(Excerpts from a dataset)

______________________________

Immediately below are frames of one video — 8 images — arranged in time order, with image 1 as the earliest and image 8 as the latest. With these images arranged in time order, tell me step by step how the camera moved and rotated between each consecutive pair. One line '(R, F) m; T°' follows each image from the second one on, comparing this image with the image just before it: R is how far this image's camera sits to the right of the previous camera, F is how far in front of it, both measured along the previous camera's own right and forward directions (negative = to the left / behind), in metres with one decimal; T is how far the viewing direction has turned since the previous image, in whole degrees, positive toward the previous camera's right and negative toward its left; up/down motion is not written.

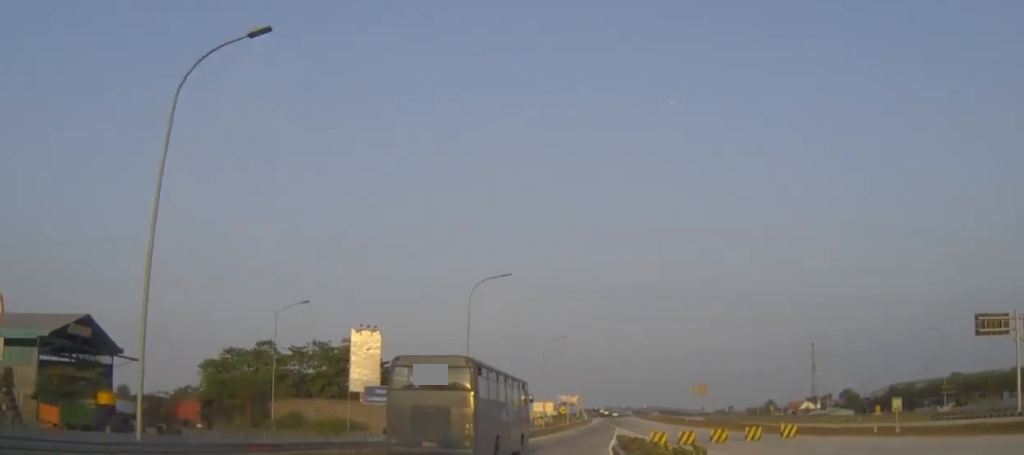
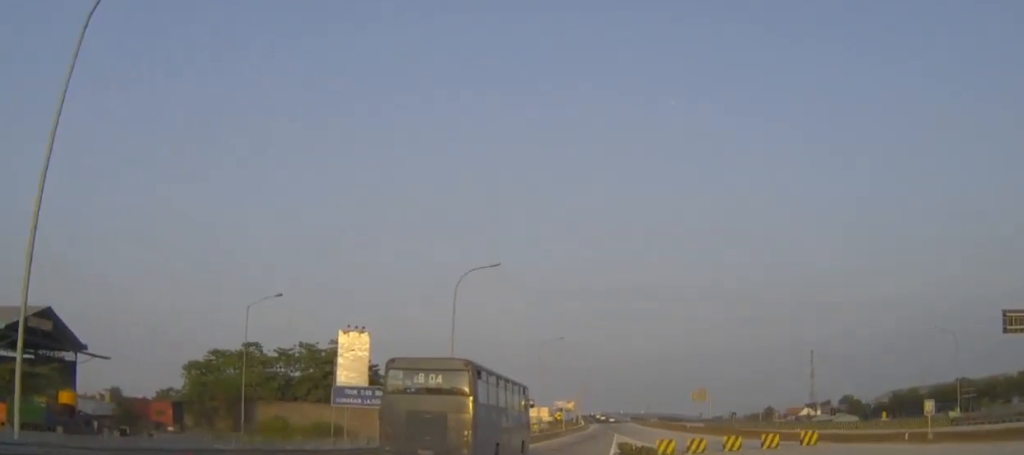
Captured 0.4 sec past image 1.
(0.0, +5.2) m; 0°
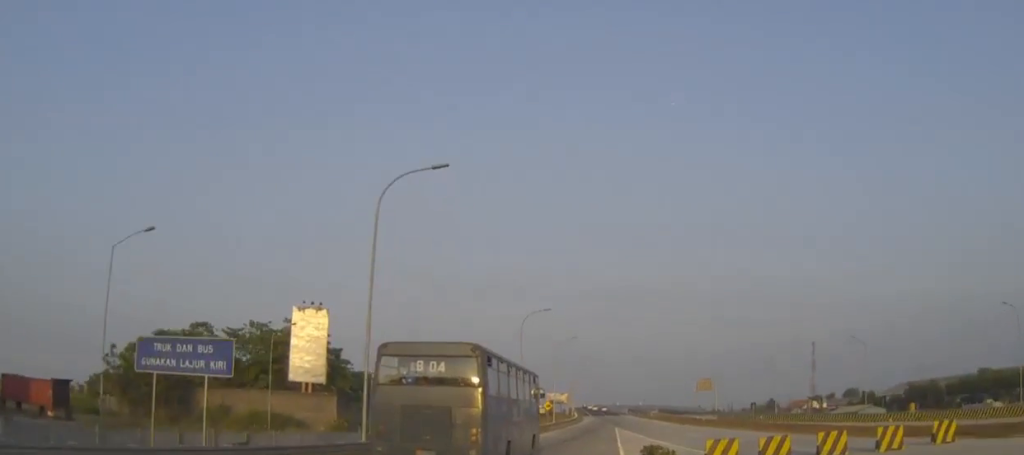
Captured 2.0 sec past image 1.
(+0.1, +18.4) m; +1°
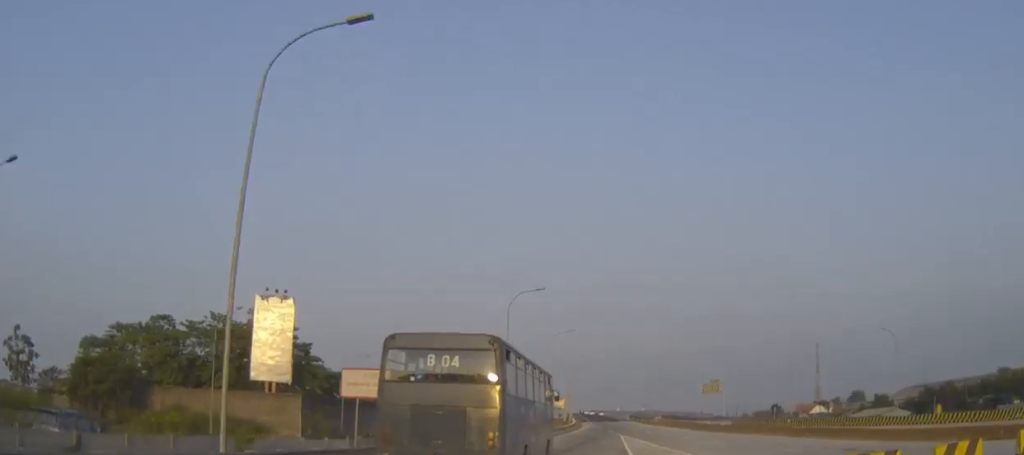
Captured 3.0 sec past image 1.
(+0.1, +12.5) m; +1°
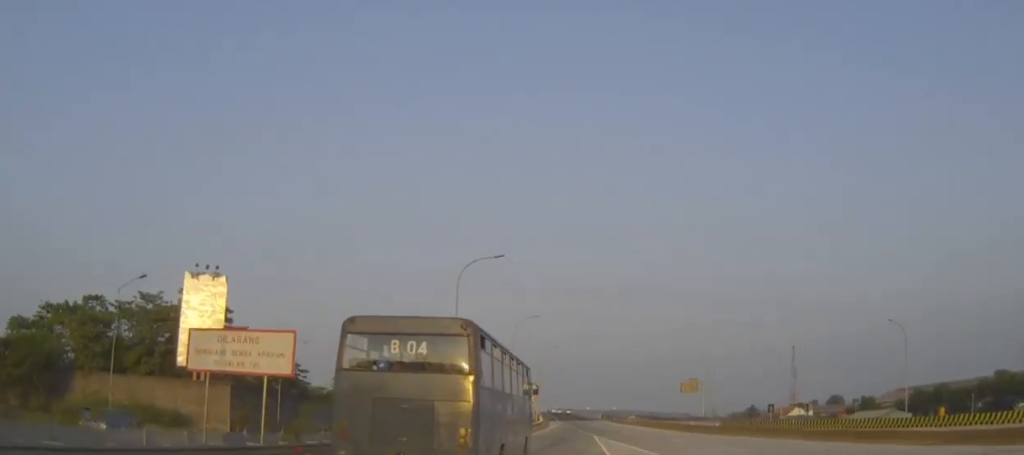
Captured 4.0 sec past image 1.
(+0.1, +11.6) m; +1°
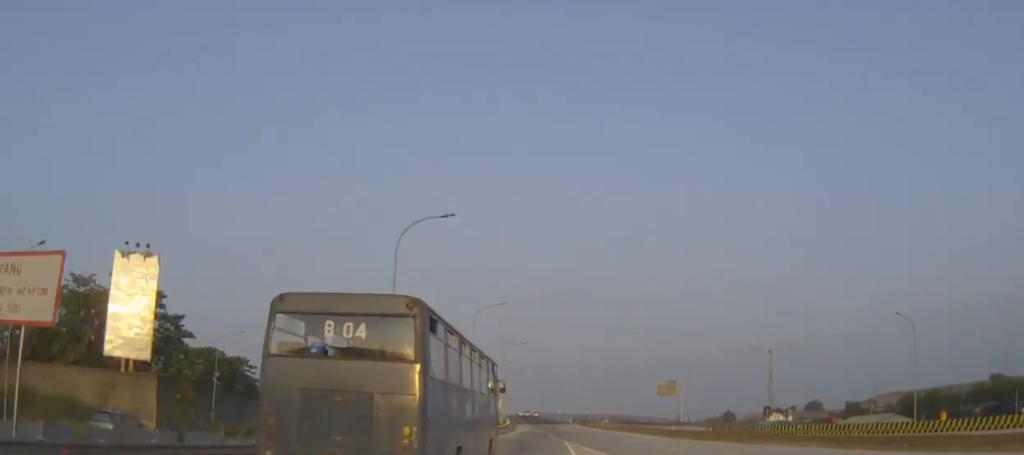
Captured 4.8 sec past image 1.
(+0.1, +9.6) m; +2°
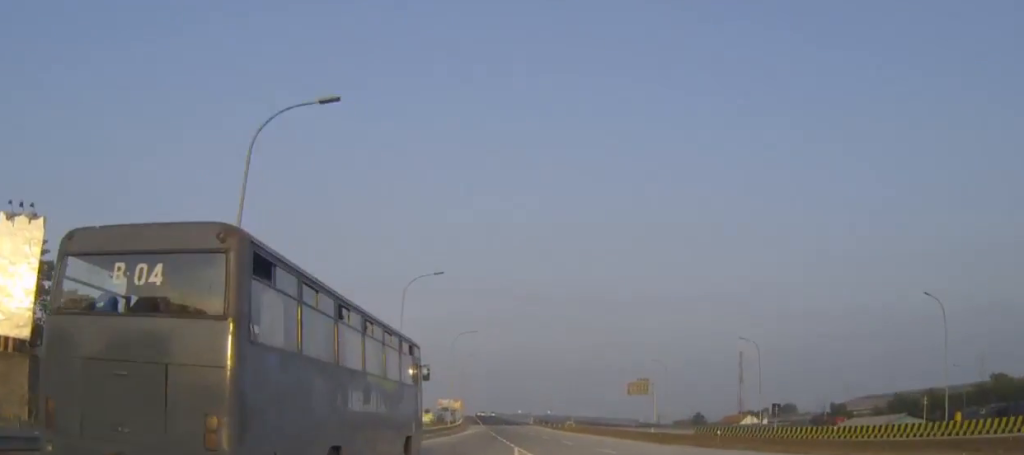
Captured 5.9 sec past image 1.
(+0.4, +14.7) m; +2°
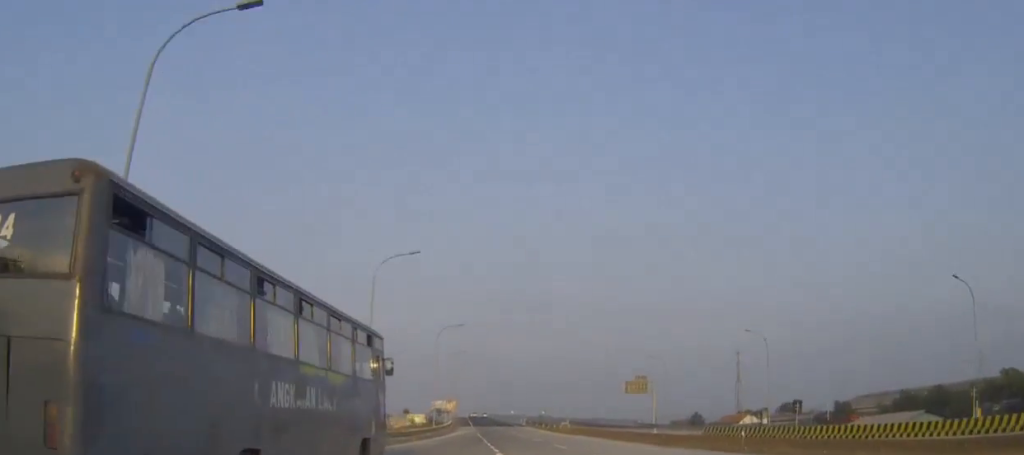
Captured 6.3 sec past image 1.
(+0.1, +6.5) m; +1°

______________________________

[EXERCISE INSTRUCTIONS]
Quote every record above exactly, leaving out the pictures.

[RESULT]
Immediately below are frames of one video — 8 images — arranged in time order, with image 1 as the earliest and image 8 as the latest. With these images arranged in time order, tell me step by step how the camera moved and rotated between each consecutive pair. One line '(R, F) m; T°' follows each image from the second one on, comparing this image with the image just before it: R is how far this image's camera sits to the right of the previous camera, F is how far in front of it, both measured along the previous camera's own right and forward directions (negative = to the left / behind), in metres with one decimal; T is how far the viewing direction has turned since the previous image, in whole degrees, positive toward the previous camera's right and negative toward its left; up/down motion is not written.

Captured 0.4 sec past image 1.
(0.0, +5.2) m; 0°
Captured 2.0 sec past image 1.
(+0.1, +18.4) m; +1°
Captured 3.0 sec past image 1.
(+0.1, +12.5) m; +1°
Captured 4.0 sec past image 1.
(+0.1, +11.6) m; +1°
Captured 4.8 sec past image 1.
(+0.1, +9.6) m; +2°
Captured 5.9 sec past image 1.
(+0.4, +14.7) m; +2°
Captured 6.3 sec past image 1.
(+0.1, +6.5) m; +1°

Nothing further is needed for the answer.